Figure 2: Single-cell RNA-seq with known lineage relationships and times since division.
figure 2

(a) Comparison of Euclidean distances (measured in log-transformed transcripts per million) between sister cells, cousin cells and unrelated cells for CD8+ T-cells (n=43, 73 and 4,544, respectively) and L1210 cells (n=37, 60 and 3,064, respectively) for the entire gene set (9,997 genes and 10,658 genes for CD8+ T-cells and L1210, respectively). Groups were compared with a Mann–Whitney U-test (Methods). The shaded area overlay on the unrelated cell pair measurements has a width corresponding to differences in time since division for these cells.
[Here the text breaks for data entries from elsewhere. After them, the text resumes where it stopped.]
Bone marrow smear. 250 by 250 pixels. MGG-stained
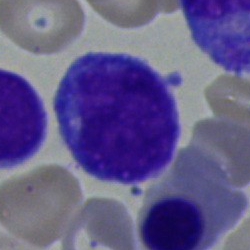 Q: What is the morphological classification of this cell?
A: It is a normoblast.
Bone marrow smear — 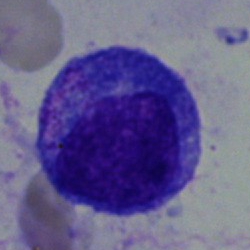The cell shown is a promyelocyte.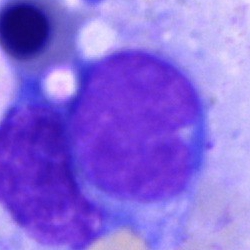A blast on a bone marrow smear.
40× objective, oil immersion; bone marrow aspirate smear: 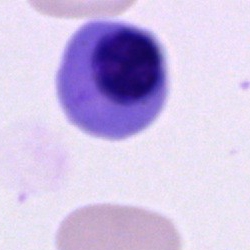Morphology consistent with a normoblast.
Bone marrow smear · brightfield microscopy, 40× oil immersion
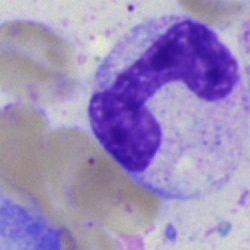The cell type is band-form neutrophil.
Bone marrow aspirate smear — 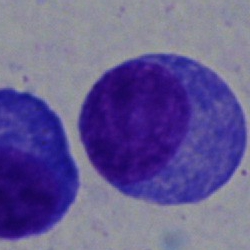

Morphology consistent with a plasma cell.
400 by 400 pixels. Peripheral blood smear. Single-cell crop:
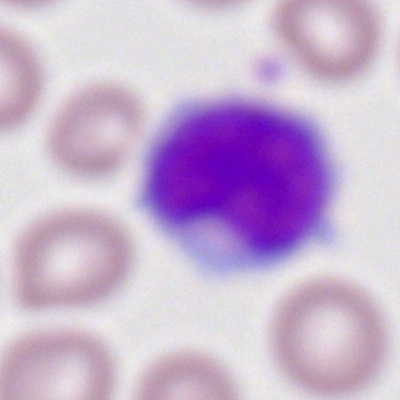
The cell shown is a typical lymphocyte.
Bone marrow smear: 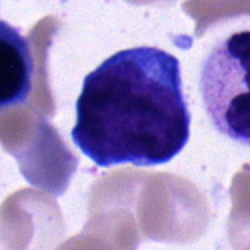
Q: What type of cell is this?
A: A blast.
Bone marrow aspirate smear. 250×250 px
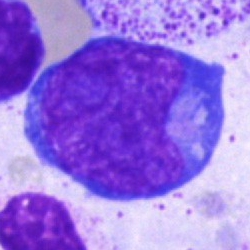
Proerythroblast.
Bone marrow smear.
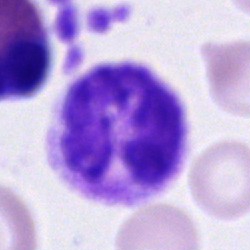

Cell — segmented neutrophil.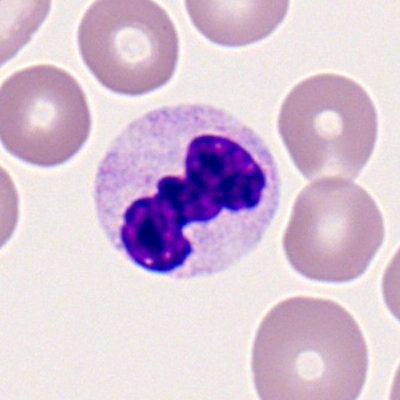 Cell type = segmented neutrophil.
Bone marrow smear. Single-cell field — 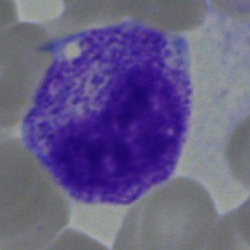
Cell — metamyelocyte.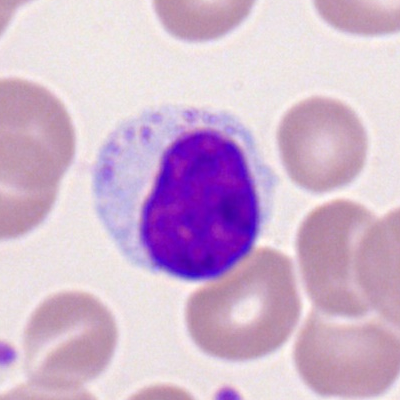Peripheral blood smear showing a lymphocyte.
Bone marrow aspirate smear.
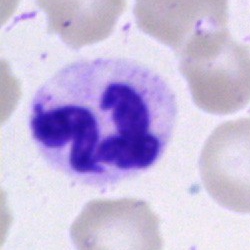This is a segmented neutrophil.
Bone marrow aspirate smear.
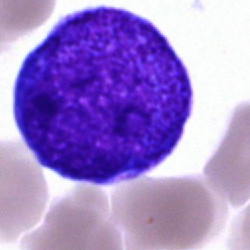A promyelocyte.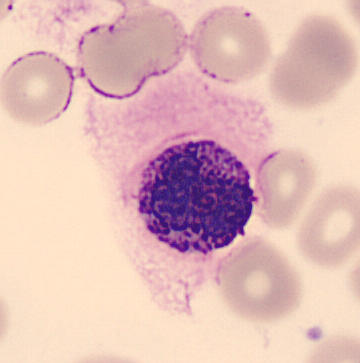 Single cell identified as a basophilic granulocyte.

Acquisition: Peripheral blood film.

The widths were constructed using a 250-point moving average of the pairwise differences in time since division for visual clarity. Scale bar, 3 h. (b) Same analysis as in (a) applied to a subset of genes with cell cycle-related gene annotations (688 genes total) for CD8+ T-cells. (c) Same analysis as in a,b applied to a subset of genes with gene annotations related to T-cell activation and function (142 genes total) for CD8+ T-cells. (Groups were compared with a Mann–Whitney U-test. After Bonferroni correction: *P<0.05, **P<0.01, ***P<0.001. Not-significant (NS) indicates a P value >0.05.) (d) Plot of Granzyme B expression levels (measured in log-transformed transcripts per million) in sister cell pairs (blue circles), cousin cell pairs (red circles) and unrelated cell pairs (grey scale density plot with darkest regions corresponding to highest relative occupancy). The correlation coefficients of related and unrelated cell pairs were compared with a Fisher’s z transformation (P=0.005). (e) Plot of Granzyme B expression levels as a function of the time since division for each single cell. (f,g) Plot of scores on the first latent variable of partial least squares regression models constructed with expression measurements as predictor variables and the time since division for each single cell as the response variable for CD8+ T-cells (f) and L1210 cells (g). The final models were constructed with genes corresponding to the top 300 VIP scores for each cell type (Supplementary Fig. 9, Methods).

The effects of lineage and clonality in T-cells are of particular interest in the context of effector cell function and differentiation in response to antigenic stimuli7,16. When performing the aforementioned analysis on a subset of genes with functional relevance to CD8+ T-cell activation, differentiation and cytotoxic function, there was once again significantly greater intraclonal transcriptional similarity (P<0.001, Mann–Whitney U-test) (Fig. 2c, Supplementary Data 3). Transcriptional similarity among the progeny of a single clone did not appear to be driven by gene expression signatures associated with pre-existing subsets of memory and effector CD8+ T cell phenotypes (Supplementary Fig. 6; Supplementary Note 3). In addition to these aggregate measurements, we compared intra- and interclonal similarity at the single gene level. The genes that showed significantly more intra- than interclonal similarity were highly enriched for gene ontology annotations relating to T-cell activation and immune cell function (P<0.001, modified Fisher Exact test Supplementary Data 4). Interestingly, gene expression for Granzyme B (Gzmb)—whose protein product plays a key role in cytotoxic T-cell-mediated target cell killing—showed one of the highest levels of clonal similarity, with strong correlations in Gzmb expression levels between sisters (R2=0.524, n=43) and cousins (R2=0.517, n=73) as compared with unrelated cells (R2=0.002, n=4,544) (Fig. 2d). At the intraclonal level for CD8+ T-cells, genes which showed stronger correlation between sister cells than between cousin cells were also enriched for gene ontology terms relating to T-cell activation and immune cell function (P<0.05; modified Fisher Exact test Supplementary Fig. 7, Supplementary Data 5). A similar analysis in L1210 cells, which do not require activation and are not actively differentiating, demonstrated that genes with expression levels more correlated in sister cells were instead enriched for basic biological function annotations including cell metabolism and biosynthetic processes. To our knowledge, these measurements offer the first direct comparison of inter- and intraclonal variability in activated CD8+ T-cells with a priori knowledge of lineage relationships and, when taken together, suggest lineage-dependent transcriptional signatures corresponding to unique functional phenotypes.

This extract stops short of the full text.